I’m getting to be up in years, and I’ve got many many questions about my identity, persona, mind, heart and soul. And life is after all turning out to be quite transient in any case. The longer I live, the more questions I have. That said, there are a few people in my life, from time to time, who “get” me. But as you’ve said, even this experience is quite transient. I think nearly everyone can understand a little at least, what we’re talking about here, but there do also seem to be scads of people who just don’t really have questions. They don’t necessarily have answers either, but they seem to be doing just fine, rich and/or contented even. Is this an illusion?
I greatly enjoy reading here every day Elsa, and reading this post I can say that I do know one thing about you and it is this: you are generous. You are generous with your spirit and you are generous with your knowledge. It’s a beautiful and admirable thing.
Now what about me? I still want to talk about me.” your honesty made me laugh, jjj. 🙂
“Part of this is in the eye of the beholder and … also … that what we project as who we are is often different than who we truly are. … [T]he trick I think is to live your life so that who you project you are is as close as possible to who you really are.”

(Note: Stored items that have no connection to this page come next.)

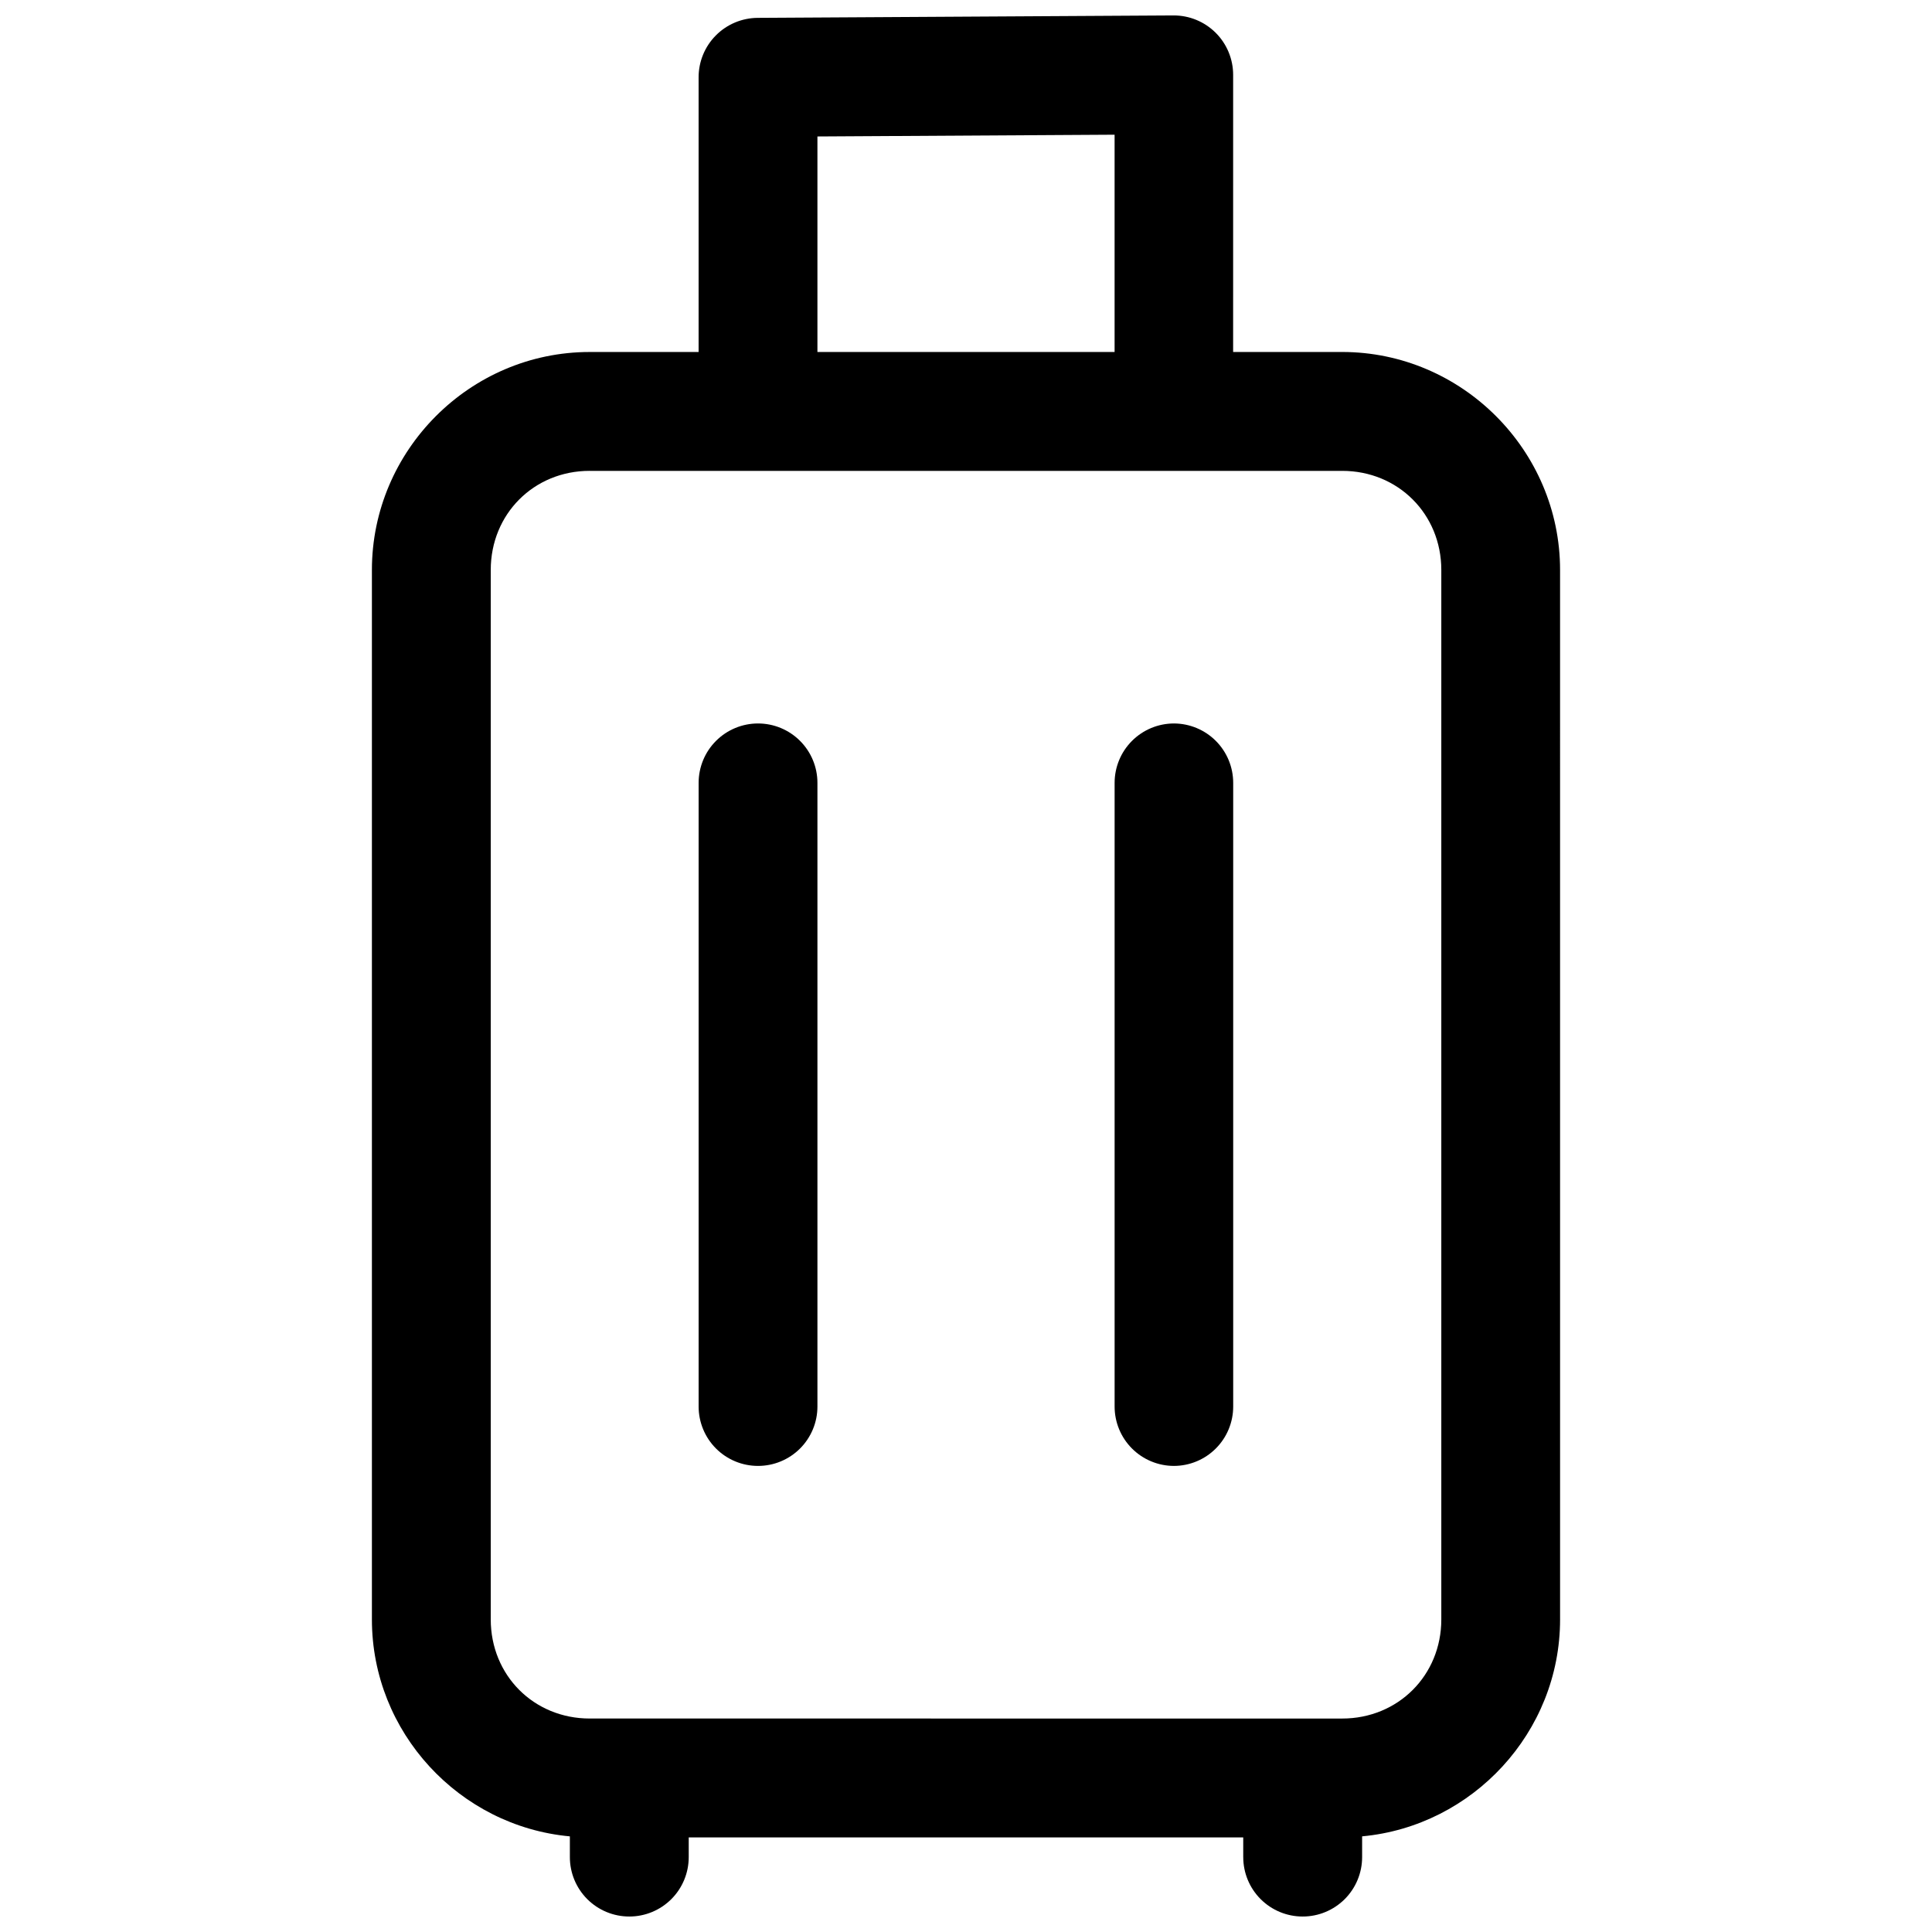 <?xml version="1.0" encoding="UTF-8"?>
<!-- Uploaded to: ICON Repo, www.svgrepo.com, Generator: ICON Repo Mixer Tools -->
<svg width="800px" height="800px" version="1.1" viewBox="144 144 512 512" xmlns="http://www.w3.org/2000/svg">
 <defs>
  <clipPath id="a">
   <path d="m242 148.09h316v503.81h-316z"/>
  </clipPath>
 </defs>
 <g clip-path="url(#a)">
  <path d="m455 148.09-110.23 0.645c-4.156 0.031-8.133 1.703-11.062 4.652-2.93 2.949-4.57 6.938-4.57 11.094v72.801h-28.875c-31.707 0-57.703 26.055-57.703 57.766v278.12c0 29.941 23.184 54.801 52.461 57.488v5.504-0.004c0 4.176 1.66 8.184 4.613 11.137 2.957 2.953 6.965 4.609 11.145 4.606 4.176 0 8.18-1.656 11.133-4.609s4.609-6.957 4.609-11.133v-5.227h146.95v5.227h0.004c0 4.176 1.656 8.18 4.609 11.133 2.953 2.953 6.957 4.609 11.133 4.609 4.18 0.004 8.188-1.652 11.145-4.606s4.617-6.961 4.617-11.137v-5.504c29.262-2.707 52.461-27.562 52.461-57.488l-0.004-278.12c0-31.707-26.039-57.766-57.75-57.766h-28.891l0.004-73.445c0-4.184-1.668-8.199-4.633-11.152-2.965-2.953-6.988-4.606-11.172-4.59zm-15.621 31.609v57.582h-78.754v-57.117zm-139.11 89.086h199.43c14.809 0 26.262 11.453 26.262 26.262v278.12c0 14.809-11.453 26.262-26.262 26.262l-199.43-0.004c-14.809 0-26.215-11.453-26.215-26.262v-278.12c0-14.809 11.406-26.262 26.215-26.262zm44.617 66.941c-4.176 0-8.18 1.66-11.133 4.613-2.953 2.949-4.609 6.957-4.609 11.133v165.27c0 4.176 1.656 8.18 4.609 11.133s6.957 4.609 11.133 4.609c4.176 0 8.18-1.656 11.133-4.609s4.613-6.957 4.609-11.133v-165.27c0.004-4.176-1.656-8.184-4.609-11.133-2.953-2.953-6.957-4.613-11.133-4.613zm110.24 0c-4.176 0-8.18 1.66-11.133 4.613-2.953 2.949-4.609 6.957-4.609 11.133v165.27c0 4.176 1.656 8.18 4.609 11.133s6.957 4.609 11.133 4.609c4.164-0.016 8.156-1.68 11.094-4.633 2.941-2.949 4.59-6.945 4.59-11.109v-165.27c0-4.168-1.648-8.16-4.59-11.113-2.938-2.949-6.93-4.617-11.094-4.633z"/>
 </g>
</svg>

Mmmm. I think it’s more complex than that.
I’ve done (tried?) this since elementary school, which led to a lot of fallacious gossip about my life, personality, and hobbies/interests. I’ve been living as true to my grain as I can, letting it all hang out, for at least twenty years; a friend of sixteen years still reads me incorrectly and projects onto me.
With Sun trined Neptune and a Pisces MC, I think it’s inevitable. People are going to think what they’re going to think about me and it’s just my good fortune that 92% of the time I couldn’t possibly care less about their opinions. 😉 I’m a complex cat, I’ll admit it, but that can’t account for how flabbergasted people are by me.